> TASK TO CARRY OUT: Using the data below, reproduce exactly the lines from the line with "[diagram: same view" to the line with "Length unit declared in the file: inch", both included; pictures must be dropped.

+===+

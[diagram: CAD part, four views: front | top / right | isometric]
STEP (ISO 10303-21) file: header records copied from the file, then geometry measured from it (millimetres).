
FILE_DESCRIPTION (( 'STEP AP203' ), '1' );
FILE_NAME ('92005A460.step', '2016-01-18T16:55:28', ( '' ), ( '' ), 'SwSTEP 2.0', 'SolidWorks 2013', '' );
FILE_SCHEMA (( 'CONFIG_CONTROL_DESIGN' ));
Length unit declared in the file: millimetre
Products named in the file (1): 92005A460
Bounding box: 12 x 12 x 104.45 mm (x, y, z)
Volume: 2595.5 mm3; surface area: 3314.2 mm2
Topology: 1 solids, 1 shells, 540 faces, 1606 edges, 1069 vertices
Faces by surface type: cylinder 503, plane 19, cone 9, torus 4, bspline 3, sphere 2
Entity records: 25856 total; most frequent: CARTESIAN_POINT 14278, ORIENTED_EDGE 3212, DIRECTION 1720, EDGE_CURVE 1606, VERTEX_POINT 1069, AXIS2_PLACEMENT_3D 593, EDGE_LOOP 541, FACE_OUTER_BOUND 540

+===+

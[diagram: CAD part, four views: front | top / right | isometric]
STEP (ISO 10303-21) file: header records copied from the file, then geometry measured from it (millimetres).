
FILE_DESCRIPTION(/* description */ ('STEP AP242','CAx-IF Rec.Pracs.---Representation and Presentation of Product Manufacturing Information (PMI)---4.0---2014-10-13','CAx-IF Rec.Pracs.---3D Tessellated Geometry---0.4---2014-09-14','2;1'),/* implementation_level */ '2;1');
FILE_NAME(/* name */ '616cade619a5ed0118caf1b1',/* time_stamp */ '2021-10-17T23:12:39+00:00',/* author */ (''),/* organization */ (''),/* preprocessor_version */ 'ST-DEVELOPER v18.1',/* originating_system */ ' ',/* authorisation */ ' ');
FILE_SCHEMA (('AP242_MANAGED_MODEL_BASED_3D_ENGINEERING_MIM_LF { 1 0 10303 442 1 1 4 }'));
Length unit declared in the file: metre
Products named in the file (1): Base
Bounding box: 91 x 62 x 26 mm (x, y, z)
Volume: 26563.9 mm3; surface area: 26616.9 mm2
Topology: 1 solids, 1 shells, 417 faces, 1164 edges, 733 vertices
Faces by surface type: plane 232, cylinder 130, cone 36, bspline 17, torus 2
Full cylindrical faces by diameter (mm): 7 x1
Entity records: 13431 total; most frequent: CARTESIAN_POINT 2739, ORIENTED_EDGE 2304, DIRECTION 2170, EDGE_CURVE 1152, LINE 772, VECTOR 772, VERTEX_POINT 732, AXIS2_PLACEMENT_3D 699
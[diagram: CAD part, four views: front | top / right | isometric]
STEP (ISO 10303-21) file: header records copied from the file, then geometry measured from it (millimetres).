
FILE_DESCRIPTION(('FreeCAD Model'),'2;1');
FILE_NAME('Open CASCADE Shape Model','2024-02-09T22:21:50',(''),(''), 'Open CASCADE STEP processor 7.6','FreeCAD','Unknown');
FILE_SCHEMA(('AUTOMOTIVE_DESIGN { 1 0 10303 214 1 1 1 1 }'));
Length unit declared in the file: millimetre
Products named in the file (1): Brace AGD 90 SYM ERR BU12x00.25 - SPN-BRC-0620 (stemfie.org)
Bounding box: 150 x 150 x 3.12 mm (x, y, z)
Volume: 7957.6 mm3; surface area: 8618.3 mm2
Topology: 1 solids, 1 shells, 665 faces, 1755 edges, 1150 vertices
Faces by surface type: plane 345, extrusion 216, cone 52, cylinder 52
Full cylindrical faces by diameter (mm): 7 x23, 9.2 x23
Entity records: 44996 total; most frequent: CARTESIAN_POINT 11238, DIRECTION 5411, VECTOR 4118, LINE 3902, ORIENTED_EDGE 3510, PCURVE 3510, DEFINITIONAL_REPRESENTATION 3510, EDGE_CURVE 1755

+===+

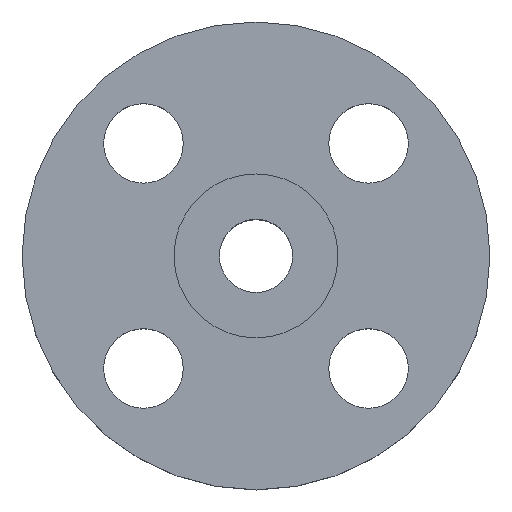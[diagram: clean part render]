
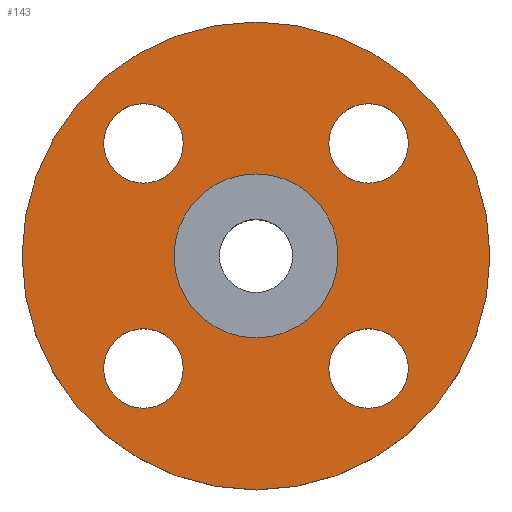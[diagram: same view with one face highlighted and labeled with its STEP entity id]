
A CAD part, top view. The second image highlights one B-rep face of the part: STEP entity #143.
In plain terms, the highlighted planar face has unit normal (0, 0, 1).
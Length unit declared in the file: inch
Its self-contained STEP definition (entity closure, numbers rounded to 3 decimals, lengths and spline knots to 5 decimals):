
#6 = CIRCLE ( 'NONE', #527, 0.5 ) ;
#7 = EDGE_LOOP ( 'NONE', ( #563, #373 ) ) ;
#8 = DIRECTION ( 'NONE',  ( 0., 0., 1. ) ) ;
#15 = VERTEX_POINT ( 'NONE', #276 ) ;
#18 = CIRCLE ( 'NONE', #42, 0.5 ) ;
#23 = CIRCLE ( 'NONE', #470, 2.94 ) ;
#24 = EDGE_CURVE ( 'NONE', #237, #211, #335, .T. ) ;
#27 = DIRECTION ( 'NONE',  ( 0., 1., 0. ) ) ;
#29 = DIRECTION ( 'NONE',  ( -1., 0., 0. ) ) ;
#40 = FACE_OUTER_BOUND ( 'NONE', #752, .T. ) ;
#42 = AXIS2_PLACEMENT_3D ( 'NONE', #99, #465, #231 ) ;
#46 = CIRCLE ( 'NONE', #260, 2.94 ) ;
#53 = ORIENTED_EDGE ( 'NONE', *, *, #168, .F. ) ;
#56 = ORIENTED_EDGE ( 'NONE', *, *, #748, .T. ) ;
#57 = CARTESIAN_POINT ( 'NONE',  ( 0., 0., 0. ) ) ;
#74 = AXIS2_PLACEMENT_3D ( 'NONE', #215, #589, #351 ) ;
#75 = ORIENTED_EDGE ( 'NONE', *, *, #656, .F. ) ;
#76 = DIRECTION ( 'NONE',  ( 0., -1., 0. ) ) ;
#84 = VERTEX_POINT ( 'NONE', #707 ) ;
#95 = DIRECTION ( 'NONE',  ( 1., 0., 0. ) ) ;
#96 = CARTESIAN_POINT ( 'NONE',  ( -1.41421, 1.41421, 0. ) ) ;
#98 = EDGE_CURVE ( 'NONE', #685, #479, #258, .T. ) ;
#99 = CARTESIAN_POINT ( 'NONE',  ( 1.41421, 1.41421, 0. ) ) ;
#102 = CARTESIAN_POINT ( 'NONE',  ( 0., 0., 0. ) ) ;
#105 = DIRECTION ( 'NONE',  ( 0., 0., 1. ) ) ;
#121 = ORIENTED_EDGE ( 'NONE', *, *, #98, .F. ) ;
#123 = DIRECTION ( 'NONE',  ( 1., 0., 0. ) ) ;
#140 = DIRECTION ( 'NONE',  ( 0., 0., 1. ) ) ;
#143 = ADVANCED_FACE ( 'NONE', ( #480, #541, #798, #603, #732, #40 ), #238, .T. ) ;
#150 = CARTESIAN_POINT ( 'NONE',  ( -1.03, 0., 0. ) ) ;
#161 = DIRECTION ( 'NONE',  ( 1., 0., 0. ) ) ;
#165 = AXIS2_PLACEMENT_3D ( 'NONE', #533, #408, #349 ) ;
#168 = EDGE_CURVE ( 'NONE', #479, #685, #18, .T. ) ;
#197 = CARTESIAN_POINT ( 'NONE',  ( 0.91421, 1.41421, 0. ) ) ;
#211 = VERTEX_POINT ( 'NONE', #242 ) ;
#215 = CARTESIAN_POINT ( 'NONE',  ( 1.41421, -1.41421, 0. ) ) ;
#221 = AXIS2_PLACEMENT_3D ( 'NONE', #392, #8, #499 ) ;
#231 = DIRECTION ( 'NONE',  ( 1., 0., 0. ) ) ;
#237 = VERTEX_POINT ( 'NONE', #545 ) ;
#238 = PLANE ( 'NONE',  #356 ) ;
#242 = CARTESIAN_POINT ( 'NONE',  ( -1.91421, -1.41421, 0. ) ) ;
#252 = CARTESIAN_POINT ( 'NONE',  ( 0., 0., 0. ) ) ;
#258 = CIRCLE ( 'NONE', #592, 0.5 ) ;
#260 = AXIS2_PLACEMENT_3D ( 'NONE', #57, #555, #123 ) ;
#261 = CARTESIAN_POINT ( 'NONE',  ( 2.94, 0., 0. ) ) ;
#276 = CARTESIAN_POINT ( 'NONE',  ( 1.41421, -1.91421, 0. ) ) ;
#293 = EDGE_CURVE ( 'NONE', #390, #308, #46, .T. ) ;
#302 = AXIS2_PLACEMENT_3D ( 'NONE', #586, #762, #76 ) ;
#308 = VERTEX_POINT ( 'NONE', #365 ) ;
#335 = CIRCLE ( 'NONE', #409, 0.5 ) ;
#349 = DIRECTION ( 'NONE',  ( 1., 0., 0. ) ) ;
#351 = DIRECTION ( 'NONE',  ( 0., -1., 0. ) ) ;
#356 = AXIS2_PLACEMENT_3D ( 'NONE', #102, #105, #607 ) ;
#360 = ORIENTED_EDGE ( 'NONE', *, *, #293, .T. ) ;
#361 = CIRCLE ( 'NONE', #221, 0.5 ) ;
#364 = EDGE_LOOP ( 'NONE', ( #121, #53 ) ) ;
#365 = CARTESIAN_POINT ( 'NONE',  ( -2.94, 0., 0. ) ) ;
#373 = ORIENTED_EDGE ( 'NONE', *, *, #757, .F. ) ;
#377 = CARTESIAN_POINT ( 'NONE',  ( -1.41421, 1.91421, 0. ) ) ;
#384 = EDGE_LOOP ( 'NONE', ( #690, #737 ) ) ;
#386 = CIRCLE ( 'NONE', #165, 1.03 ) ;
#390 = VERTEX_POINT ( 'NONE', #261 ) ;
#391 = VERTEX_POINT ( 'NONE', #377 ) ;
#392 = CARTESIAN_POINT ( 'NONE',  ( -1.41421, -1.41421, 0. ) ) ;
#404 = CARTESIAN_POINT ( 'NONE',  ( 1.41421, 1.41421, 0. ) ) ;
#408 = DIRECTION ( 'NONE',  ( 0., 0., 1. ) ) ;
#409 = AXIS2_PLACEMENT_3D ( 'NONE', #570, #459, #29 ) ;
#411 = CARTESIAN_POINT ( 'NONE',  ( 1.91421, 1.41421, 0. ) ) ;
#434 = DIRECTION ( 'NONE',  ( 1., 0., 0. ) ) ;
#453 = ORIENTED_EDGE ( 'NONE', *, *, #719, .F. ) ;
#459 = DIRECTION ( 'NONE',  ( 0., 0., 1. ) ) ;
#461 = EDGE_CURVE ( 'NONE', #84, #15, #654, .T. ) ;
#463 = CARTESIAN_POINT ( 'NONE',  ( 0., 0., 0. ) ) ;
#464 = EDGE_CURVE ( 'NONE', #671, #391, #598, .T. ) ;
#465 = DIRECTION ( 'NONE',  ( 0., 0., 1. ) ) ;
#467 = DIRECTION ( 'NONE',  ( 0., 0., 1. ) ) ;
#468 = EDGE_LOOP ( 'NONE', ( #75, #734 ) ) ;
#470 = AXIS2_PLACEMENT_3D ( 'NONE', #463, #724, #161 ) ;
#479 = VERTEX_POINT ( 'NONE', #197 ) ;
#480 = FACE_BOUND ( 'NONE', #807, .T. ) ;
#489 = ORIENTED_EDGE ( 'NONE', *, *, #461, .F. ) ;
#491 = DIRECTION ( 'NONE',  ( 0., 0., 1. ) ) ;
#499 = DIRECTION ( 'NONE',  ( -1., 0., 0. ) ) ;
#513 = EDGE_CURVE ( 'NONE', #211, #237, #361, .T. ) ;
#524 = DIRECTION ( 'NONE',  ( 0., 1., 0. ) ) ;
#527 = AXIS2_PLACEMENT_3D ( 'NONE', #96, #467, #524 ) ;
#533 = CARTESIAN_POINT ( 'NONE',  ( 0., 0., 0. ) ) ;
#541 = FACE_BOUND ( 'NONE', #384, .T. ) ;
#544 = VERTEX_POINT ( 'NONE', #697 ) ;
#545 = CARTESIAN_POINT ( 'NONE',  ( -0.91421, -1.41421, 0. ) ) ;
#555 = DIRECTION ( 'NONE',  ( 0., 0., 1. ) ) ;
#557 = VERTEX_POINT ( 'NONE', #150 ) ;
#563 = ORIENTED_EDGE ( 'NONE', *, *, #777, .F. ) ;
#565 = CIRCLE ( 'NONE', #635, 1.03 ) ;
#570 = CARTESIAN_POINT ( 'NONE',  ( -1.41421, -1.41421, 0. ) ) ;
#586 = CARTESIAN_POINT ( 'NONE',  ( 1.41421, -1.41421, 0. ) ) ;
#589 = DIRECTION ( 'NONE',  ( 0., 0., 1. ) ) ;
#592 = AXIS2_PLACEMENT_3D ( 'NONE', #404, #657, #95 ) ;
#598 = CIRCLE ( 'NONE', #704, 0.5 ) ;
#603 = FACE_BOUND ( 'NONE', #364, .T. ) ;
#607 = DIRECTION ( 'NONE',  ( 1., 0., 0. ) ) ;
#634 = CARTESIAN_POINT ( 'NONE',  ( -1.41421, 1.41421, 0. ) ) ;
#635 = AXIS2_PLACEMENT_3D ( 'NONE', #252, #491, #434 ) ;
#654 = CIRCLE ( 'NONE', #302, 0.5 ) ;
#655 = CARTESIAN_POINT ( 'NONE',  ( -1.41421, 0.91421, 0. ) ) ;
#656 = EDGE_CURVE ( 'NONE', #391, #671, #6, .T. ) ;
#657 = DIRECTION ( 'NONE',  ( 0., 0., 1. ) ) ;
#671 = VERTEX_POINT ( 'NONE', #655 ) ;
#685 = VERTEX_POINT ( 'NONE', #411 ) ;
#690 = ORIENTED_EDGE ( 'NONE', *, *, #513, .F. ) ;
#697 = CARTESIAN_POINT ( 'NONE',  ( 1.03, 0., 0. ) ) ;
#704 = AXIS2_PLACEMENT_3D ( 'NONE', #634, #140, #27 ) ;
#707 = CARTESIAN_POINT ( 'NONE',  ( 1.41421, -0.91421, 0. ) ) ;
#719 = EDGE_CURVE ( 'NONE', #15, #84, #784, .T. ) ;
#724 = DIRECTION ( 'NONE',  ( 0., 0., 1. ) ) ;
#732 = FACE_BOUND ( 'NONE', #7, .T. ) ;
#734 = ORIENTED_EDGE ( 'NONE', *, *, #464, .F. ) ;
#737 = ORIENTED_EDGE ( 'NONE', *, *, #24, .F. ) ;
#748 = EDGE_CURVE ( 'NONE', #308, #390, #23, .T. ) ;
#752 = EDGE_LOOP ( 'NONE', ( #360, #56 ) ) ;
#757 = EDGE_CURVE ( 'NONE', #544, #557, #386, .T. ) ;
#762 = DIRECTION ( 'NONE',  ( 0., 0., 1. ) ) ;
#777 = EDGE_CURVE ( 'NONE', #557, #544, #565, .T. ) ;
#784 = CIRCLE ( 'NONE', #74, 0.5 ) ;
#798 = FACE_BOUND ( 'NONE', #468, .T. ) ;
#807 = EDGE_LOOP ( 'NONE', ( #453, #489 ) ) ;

+===+

> RESPONSE BOX:
[diagram: same view with one face highlighted and labeled with its STEP entity id]
A CAD part, top view. The second image highlights one B-rep face of the part: STEP entity #143.
In plain terms, the highlighted planar face has unit normal (0, 0, 1).
Length unit declared in the file: inch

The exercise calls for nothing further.